- Conservation status: Least Concern (IUCN 3.1)

Scientific classification
- Kingdom: Animalia
- Phylum: Chordata
- Class: Amphibia
- Order: Anura
- Family: Arthroleptidae
- Genus: Arthroleptis
- Species: A. stenodactylus
- Binomial name: Arthroleptis stenodactylus Pfeffer, 1893
- Synonyms: Arthroleptis whytii Boulenger, 1897 ; Arthroleptis lönnbergi Nieden, 1915 ; Arthroleptis lonnbergi Nieden, 1915 ; Arthroleptis methneri Ahl, 1924 ; Arthroleptis stenodactylus uluguruensis Loveridge, 1932 ; Arthroleptis vagus Ahl, 1939 "1938" ; Arthroleptis ukamiensis Ahl, 1939 "1938" ; Coracodichus stenodactylus (Pfeffer, 1893) ;

= Common squeaker =

- Authority: Pfeffer, 1893
- Conservation status: LC

Species of frog

Arthroleptis stenodactylus, the common squeaker, dune squeaker, narrow-footed humus frog, savanna squeaking frog, or shovel-footed squeaker, is a species of frog in the family Arthroleptidae.

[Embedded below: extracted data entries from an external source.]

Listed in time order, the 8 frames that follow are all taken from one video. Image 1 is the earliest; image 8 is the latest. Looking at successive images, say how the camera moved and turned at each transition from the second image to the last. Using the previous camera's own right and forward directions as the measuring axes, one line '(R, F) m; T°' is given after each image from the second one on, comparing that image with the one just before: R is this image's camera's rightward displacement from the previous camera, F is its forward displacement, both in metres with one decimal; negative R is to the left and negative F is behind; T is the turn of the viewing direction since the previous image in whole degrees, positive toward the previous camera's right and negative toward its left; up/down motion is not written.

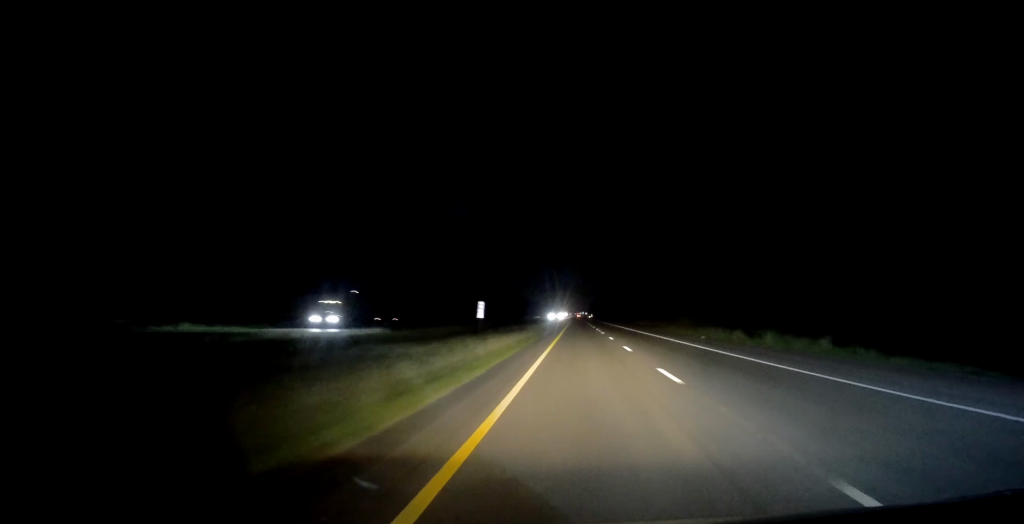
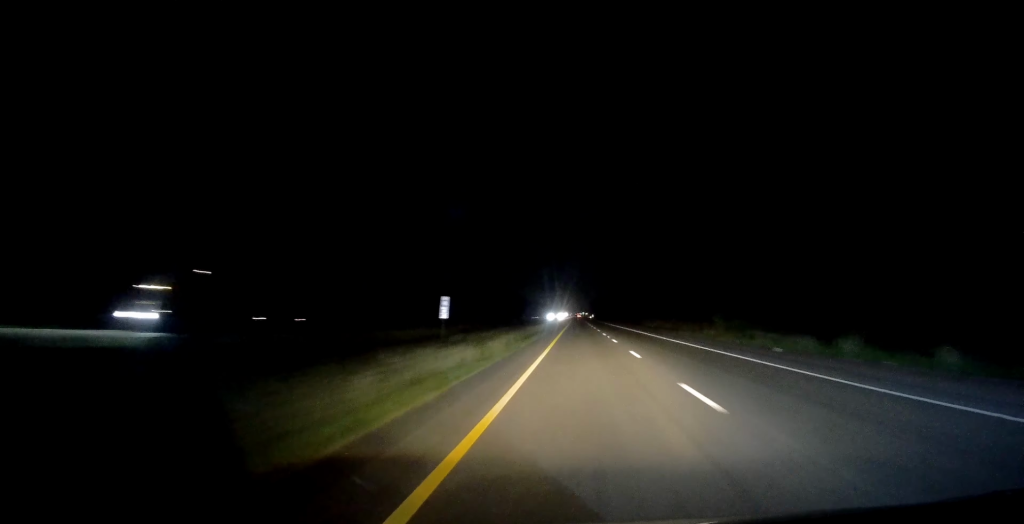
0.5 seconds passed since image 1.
(0.0, +15.9) m; 0°
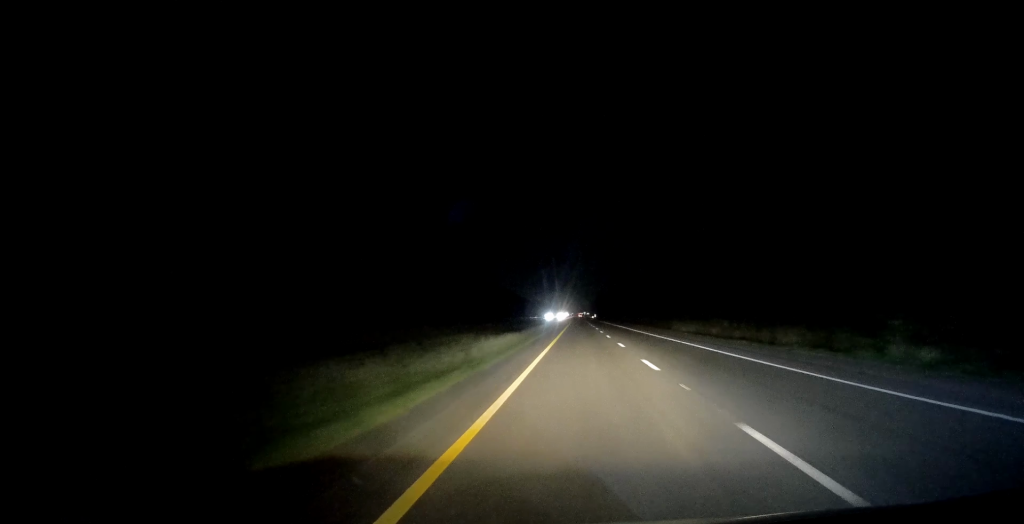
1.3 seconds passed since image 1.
(-0.3, +29.6) m; 0°
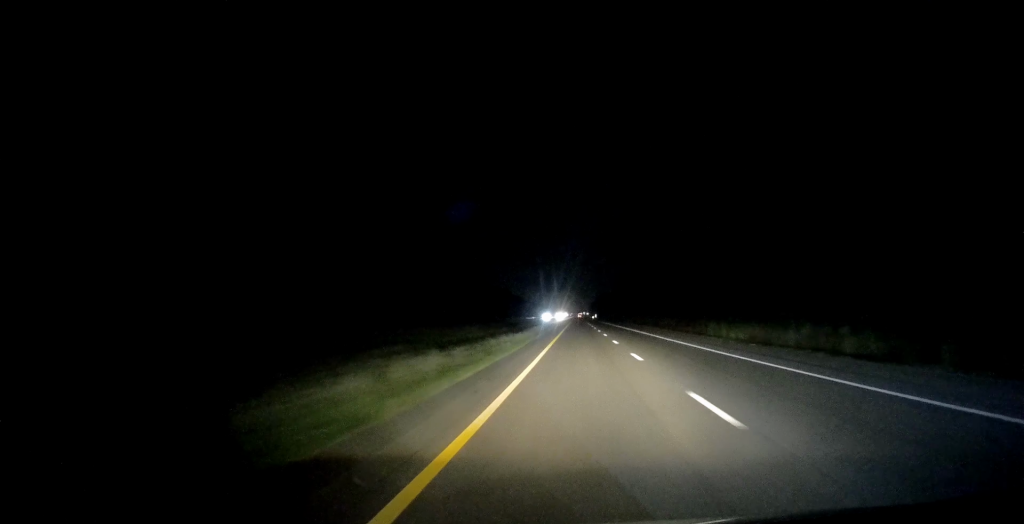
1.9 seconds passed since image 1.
(0.0, +20.6) m; +1°
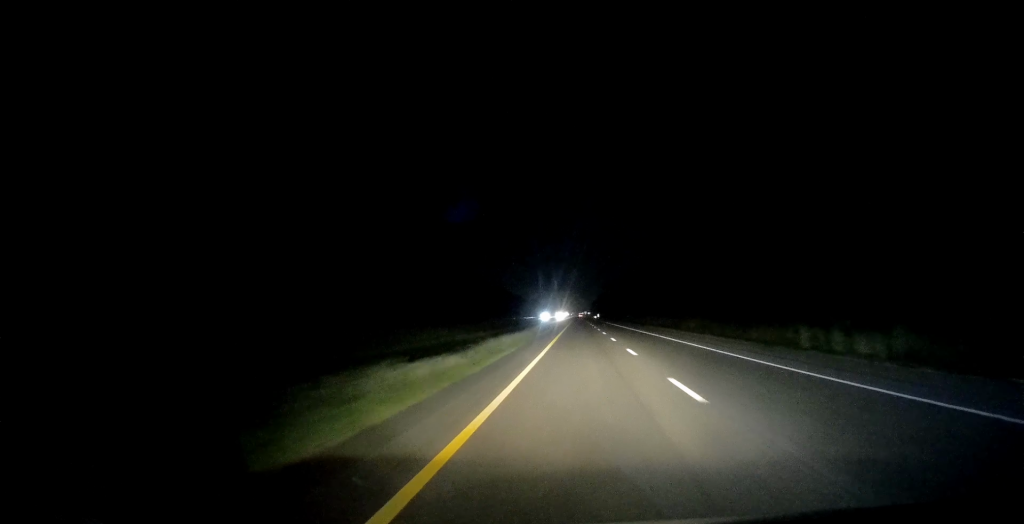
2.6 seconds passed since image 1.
(+0.1, +21.7) m; 0°
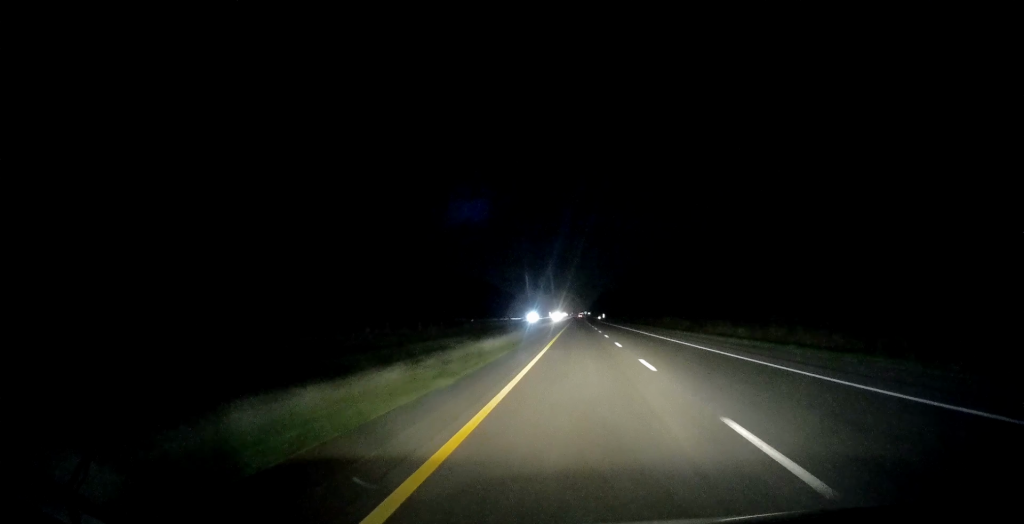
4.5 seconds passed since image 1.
(+0.5, +66.0) m; 0°
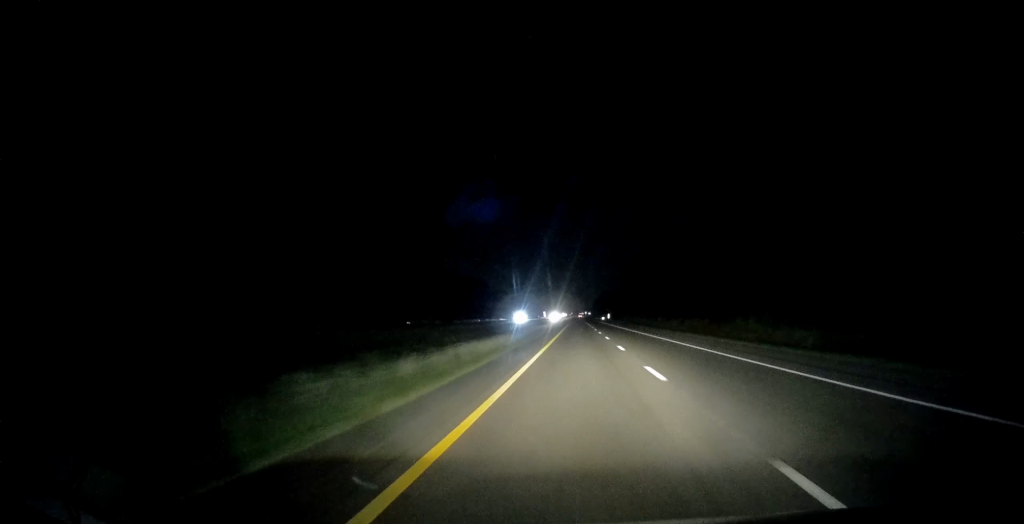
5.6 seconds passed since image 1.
(-0.1, +38.8) m; -1°
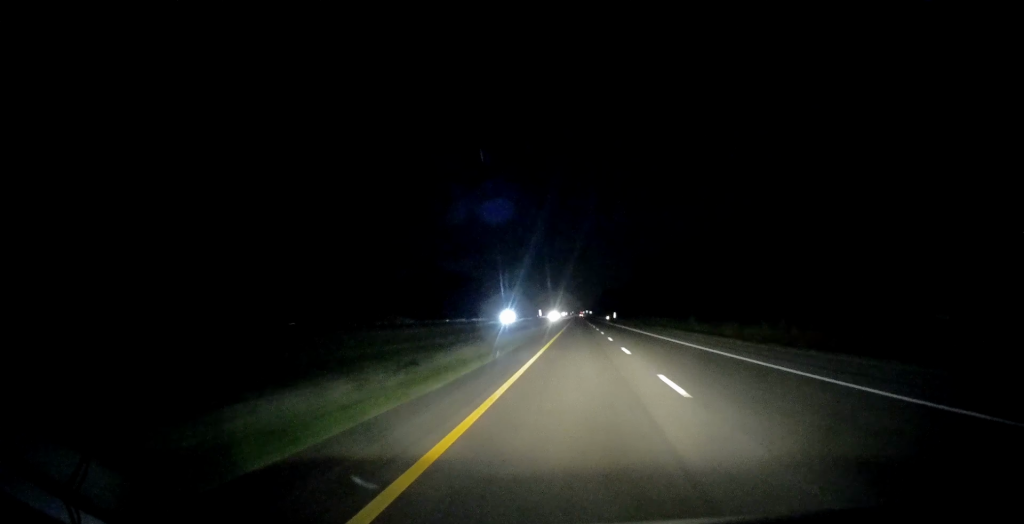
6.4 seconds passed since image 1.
(-0.3, +27.4) m; 0°

It occurs widely in the Sub-Saharan Africa and is known from coastal Kenya and eastern and southern Tanzania (including Zanzibar), south to Malawi and Mozambique and southwest to Zambia and southern Democratic Republic of the Congo to western Angola, northern Botswana, Zimbabwe, and northeastern South Africa. An isolated population in Uganda likely represent another species, and it is possible that the current species circumscription includes further cryptic species.

Arthroleptis stenodactylus inhabits a very wide variety of habitats such as forest, savanna woodland, thickets, and suburban areas at elevations up to 1500 m above sea level, possibly higher. It is typically found in leaf litter. Breeding is through direct development and not dependent on water. The eggs are laid in hollows or burrows in damp earth. It is an abundant species that is not facing significant threats.